Steady-state AUCs with subcutaneous IgPro20 and intravenous IgPro10 were equivalent. Mean dose adjustment coefficient and mean TLR can be used for initial dose conversion without risk of under-protection but vary too widely to be considered measures of equivalence. Trial registration number (clinicaltrials.gov): NCT00419341.

摘要

背景和目的

免疫球蛋白替代疗法是治疗原发性免疫缺陷症患者的标准疗法。与静脉给药相比,皮下给药可使 IgG 水平更稳定,并且使某些患者的给药更简便。使用 L-脯氨酸作为赋形剂有助于提高高浓度 IgG 制剂的稳定性。本研究的目的是评估新型 20%皮下 IgG 溶液 IgPro20(Hizentra®)的药代动力学,并比较其血清浓度-时间曲线下面积(AUC)与类似的静脉内 10% IgG 溶液(IgPro10;Privigen®)的 AUC。应美国 FDA 的要求,开发了一种 IgG 谷浓度比值(TLR)测定算法,以便为医生在 IgPro20 稳态治疗期间监测剂量提供一种实用工具。

方法

这是一项在美国进行的前瞻性、开放性、多中心、单臂、III 期临床试验。
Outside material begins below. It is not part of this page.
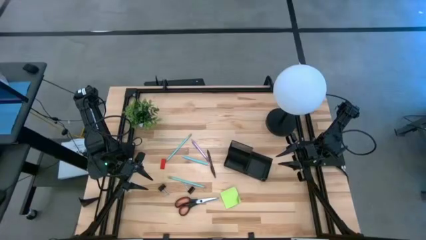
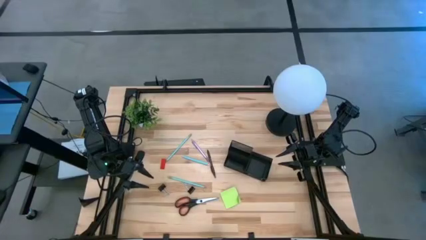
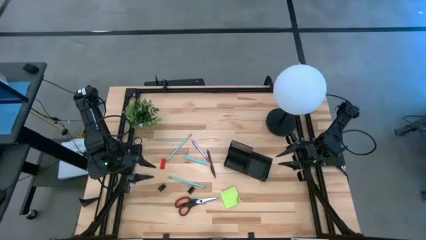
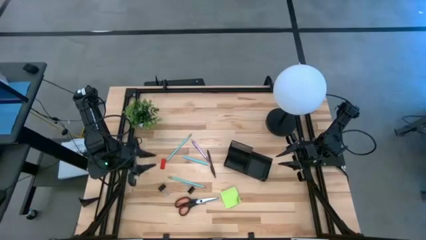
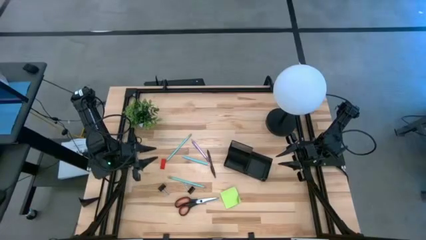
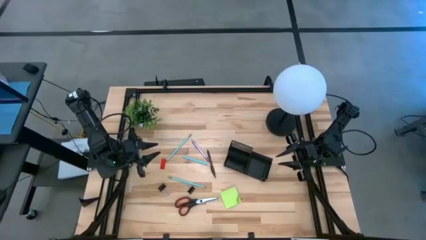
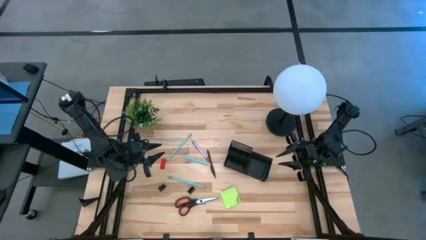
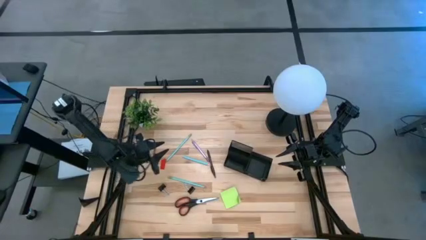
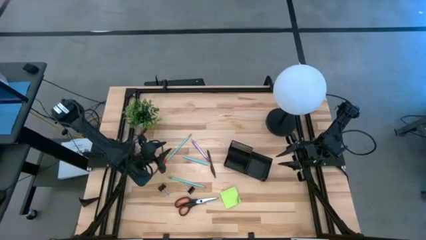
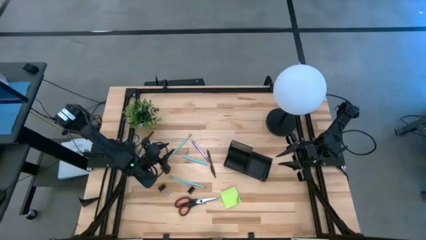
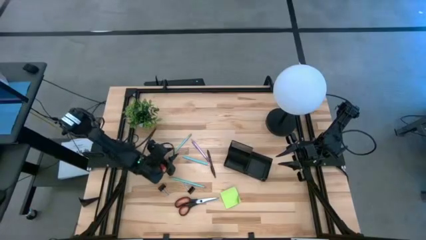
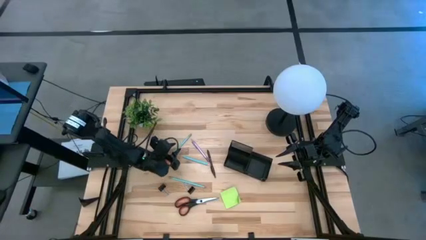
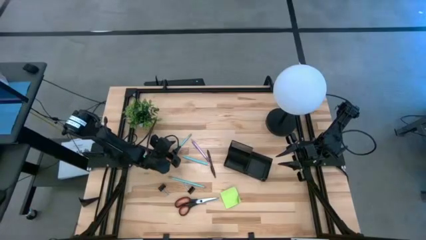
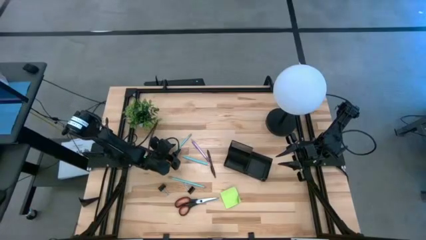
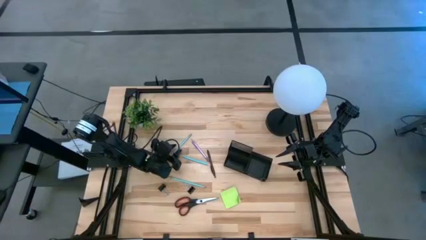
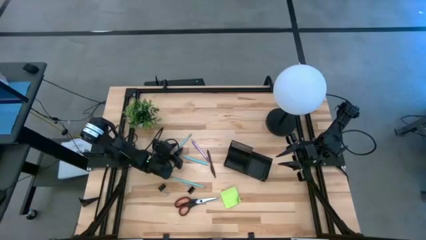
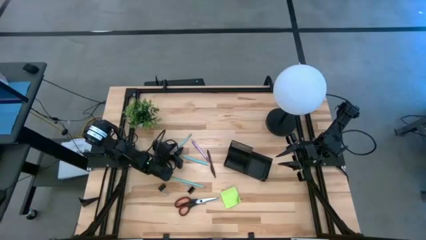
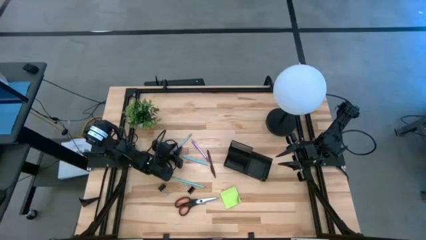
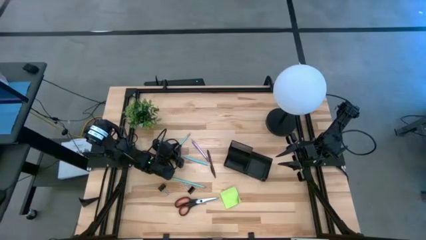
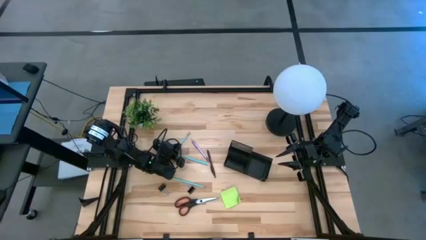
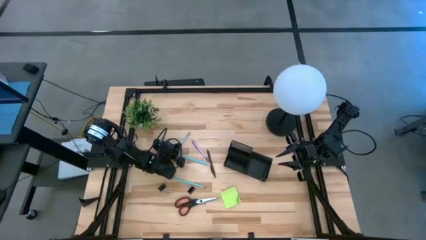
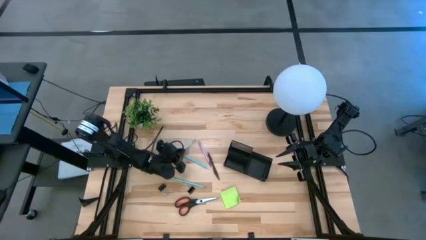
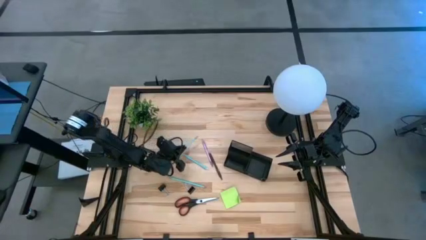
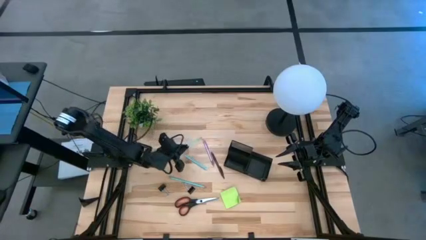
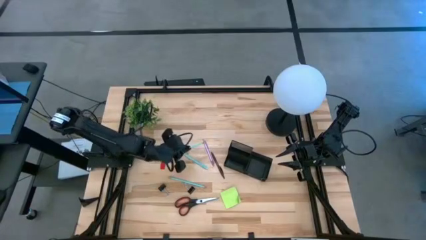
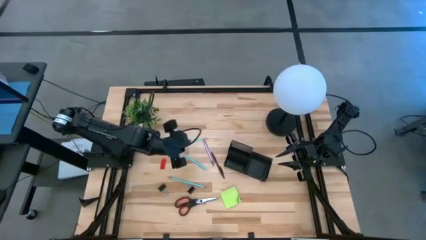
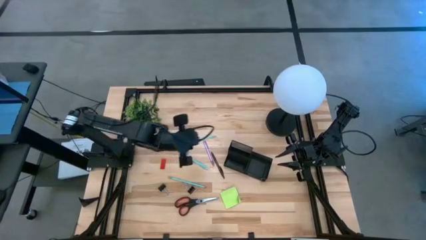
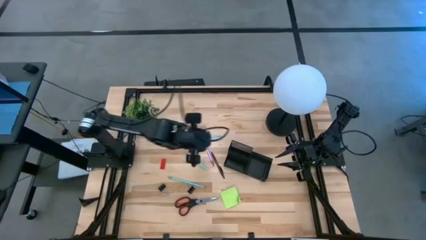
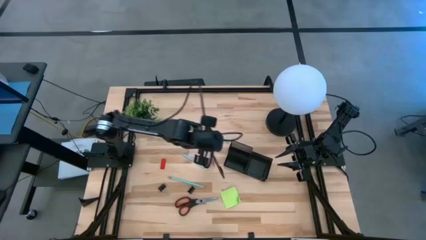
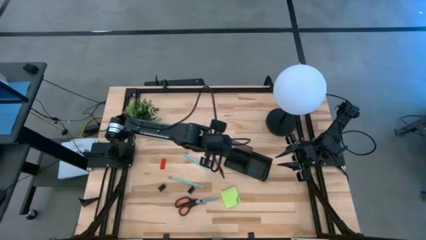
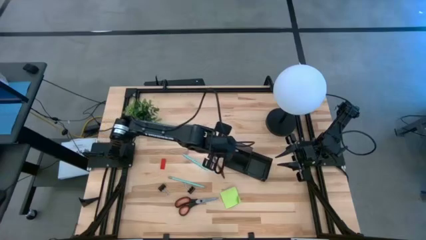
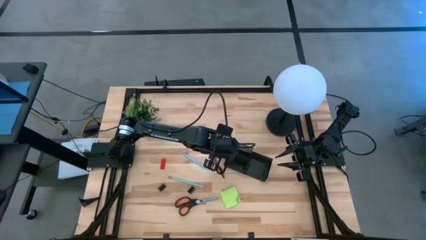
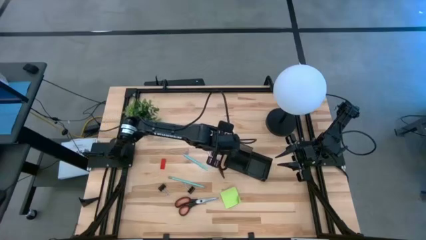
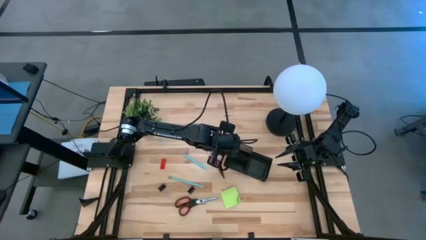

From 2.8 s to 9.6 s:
Task: Pick and place office supplies into organizer
Put the top blue pencil into the desk organizer

该研究在初级保健环境中进行。符合条件的患者为年龄 6-75 岁的男性或女性,患有原发性免疫缺陷症(普通变异性免疫缺陷或 X 连锁无丙种球蛋白血症),在入组前至少接受过 3 个月的 IgPro10 常规治疗,且血清谷浓度(C(trough))值≥5 g/L。根据 Vivaglobin®研究结果,并应 FDA 的要求,皮下给予 IgPro20 初始剂量,相当于患者先前剂量的 130%。在洗脱期后,根据 AUC 结果调整每位患者的剂量,使其与静脉内给予 IgPro10 相当。

结果

18 名患者完成了研究。IgPro20:IgPro10 剂量比(剂量调整系数)的均值为 1.53(范围 1.26-1.87)。由此产生的 AUC 均值分别为 IgPro20 的 105.6 g·day/L 和 IgPro10 的 103.2 g·day/L(几何均数比 1.002;下限单侧 95%置信区间[CL]0.951)。因此,研究的主要终点达到,因为这一结果超过了非劣效性的下限单侧 95%CL 下限≥0.8 的预设标准。在这些被认为等效的 AUC 下,通过开发的算法确定的 IgPro20:IgPro10 TLR 的均值为 1.29(范围 1.18-1.73)。经测试的特异性抗体效价均远高于各自的产品规格,表明抗感染的保护作用将是有效的。

结论

皮下给予 IgPro20 和静脉内给予 IgPro10 的稳态 AUC 是等效的。平均剂量调整系数和平均 TLR 可用于初始剂量转换,而不会有保护不足的风险,但变化范围太广,不能作为等效性的衡量标准。试验注册号(clinicaltrials.gov):NCT00419341。